→ **Exercise**:
In the listing below, the lines starting with the line with "aldeia. A minha" and going on through the line with "debes valorar más!" are to be reproduced exactly, and only those.

BEGIN

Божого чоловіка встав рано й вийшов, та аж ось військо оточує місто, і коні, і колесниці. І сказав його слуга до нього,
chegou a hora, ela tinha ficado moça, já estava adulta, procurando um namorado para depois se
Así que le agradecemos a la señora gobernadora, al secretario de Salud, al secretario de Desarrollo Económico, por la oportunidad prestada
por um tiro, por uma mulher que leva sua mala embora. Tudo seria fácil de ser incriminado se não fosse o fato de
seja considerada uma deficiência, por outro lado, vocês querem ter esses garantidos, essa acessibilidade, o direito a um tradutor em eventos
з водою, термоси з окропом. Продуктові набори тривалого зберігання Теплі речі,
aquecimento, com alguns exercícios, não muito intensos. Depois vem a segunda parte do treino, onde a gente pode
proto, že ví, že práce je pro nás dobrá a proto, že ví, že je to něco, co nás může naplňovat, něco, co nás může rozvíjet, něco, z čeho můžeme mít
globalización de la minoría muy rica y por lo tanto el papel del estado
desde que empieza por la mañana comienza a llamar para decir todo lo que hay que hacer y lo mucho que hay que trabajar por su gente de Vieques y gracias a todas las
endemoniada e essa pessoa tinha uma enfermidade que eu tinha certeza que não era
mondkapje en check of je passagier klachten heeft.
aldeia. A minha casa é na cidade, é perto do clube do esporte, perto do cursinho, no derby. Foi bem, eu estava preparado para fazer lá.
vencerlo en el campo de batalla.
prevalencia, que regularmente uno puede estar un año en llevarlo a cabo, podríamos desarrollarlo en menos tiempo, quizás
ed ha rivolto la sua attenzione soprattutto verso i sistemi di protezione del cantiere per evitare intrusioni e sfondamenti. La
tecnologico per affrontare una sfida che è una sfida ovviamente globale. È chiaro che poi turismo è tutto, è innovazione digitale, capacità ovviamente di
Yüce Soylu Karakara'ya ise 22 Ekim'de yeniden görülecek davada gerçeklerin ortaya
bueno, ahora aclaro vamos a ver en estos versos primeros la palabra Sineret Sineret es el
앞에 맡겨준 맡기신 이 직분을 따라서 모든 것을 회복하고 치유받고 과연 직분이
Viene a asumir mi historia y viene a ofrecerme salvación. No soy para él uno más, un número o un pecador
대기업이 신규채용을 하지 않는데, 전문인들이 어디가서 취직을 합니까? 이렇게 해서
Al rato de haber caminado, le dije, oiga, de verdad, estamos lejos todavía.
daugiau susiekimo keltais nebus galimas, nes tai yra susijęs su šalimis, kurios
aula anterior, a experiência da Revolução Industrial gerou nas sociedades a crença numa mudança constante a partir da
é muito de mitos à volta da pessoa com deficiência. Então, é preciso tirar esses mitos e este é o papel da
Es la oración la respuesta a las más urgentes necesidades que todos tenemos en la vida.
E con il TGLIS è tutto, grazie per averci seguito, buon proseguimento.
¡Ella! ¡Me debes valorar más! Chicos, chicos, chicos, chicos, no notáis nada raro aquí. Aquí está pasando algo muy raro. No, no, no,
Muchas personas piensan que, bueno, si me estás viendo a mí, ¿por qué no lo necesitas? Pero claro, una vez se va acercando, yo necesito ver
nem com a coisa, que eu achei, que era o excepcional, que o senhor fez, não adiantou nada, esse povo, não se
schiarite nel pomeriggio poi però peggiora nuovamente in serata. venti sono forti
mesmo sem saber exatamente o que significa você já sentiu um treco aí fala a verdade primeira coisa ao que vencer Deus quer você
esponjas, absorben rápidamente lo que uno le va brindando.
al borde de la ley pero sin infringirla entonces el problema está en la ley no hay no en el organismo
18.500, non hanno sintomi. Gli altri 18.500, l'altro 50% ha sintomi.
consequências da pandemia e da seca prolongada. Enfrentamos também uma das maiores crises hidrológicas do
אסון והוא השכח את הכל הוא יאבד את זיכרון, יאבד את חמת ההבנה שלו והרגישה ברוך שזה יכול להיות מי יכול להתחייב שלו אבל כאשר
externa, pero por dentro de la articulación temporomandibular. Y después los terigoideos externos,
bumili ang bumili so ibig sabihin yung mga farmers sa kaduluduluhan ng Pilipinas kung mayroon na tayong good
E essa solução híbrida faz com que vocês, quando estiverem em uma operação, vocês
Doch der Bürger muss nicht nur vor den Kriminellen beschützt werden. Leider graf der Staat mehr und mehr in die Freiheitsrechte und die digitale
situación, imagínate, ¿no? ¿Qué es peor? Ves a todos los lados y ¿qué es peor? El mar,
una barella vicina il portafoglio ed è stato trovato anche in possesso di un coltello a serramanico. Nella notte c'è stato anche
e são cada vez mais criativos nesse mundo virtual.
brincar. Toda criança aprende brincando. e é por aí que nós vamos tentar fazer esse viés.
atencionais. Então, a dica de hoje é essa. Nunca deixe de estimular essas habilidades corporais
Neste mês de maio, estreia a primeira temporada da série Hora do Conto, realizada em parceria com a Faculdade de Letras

END

→ **Response to this task**:
aldeia. A minha casa é na cidade, é perto do clube do esporte, perto do cursinho, no derby. Foi bem, eu estava preparado para fazer lá.
vencerlo en el campo de batalla.
prevalencia, que regularmente uno puede estar un año en llevarlo a cabo, podríamos desarrollarlo en menos tiempo, quizás
ed ha rivolto la sua attenzione soprattutto verso i sistemi di protezione del cantiere per evitare intrusioni e sfondamenti. La
tecnologico per affrontare una sfida che è una sfida ovviamente globale. È chiaro che poi turismo è tutto, è innovazione digitale, capacità ovviamente di
Yüce Soylu Karakara'ya ise 22 Ekim'de yeniden görülecek davada gerçeklerin ortaya
bueno, ahora aclaro vamos a ver en estos versos primeros la palabra Sineret Sineret es el
앞에 맡겨준 맡기신 이 직분을 따라서 모든 것을 회복하고 치유받고 과연 직분이
Viene a asumir mi historia y viene a ofrecerme salvación. No soy para él uno más, un número o un pecador
대기업이 신규채용을 하지 않는데, 전문인들이 어디가서 취직을 합니까? 이렇게 해서
Al rato de haber caminado, le dije, oiga, de verdad, estamos lejos todavía.
daugiau susiekimo keltais nebus galimas, nes tai yra susijęs su šalimis, kurios
aula anterior, a experiência da Revolução Industrial gerou nas sociedades a crença numa mudança constante a partir da
é muito de mitos à volta da pessoa com deficiência. Então, é preciso tirar esses mitos e este é o papel da
Es la oración la respuesta a las más urgentes necesidades que todos tenemos en la vida.
E con il TGLIS è tutto, grazie per averci seguito, buon proseguimento.
¡Ella! ¡Me debes valorar más! Chicos, chicos, chicos, chicos, no notáis nada raro aquí. Aquí está pasando algo muy raro. No, no, no,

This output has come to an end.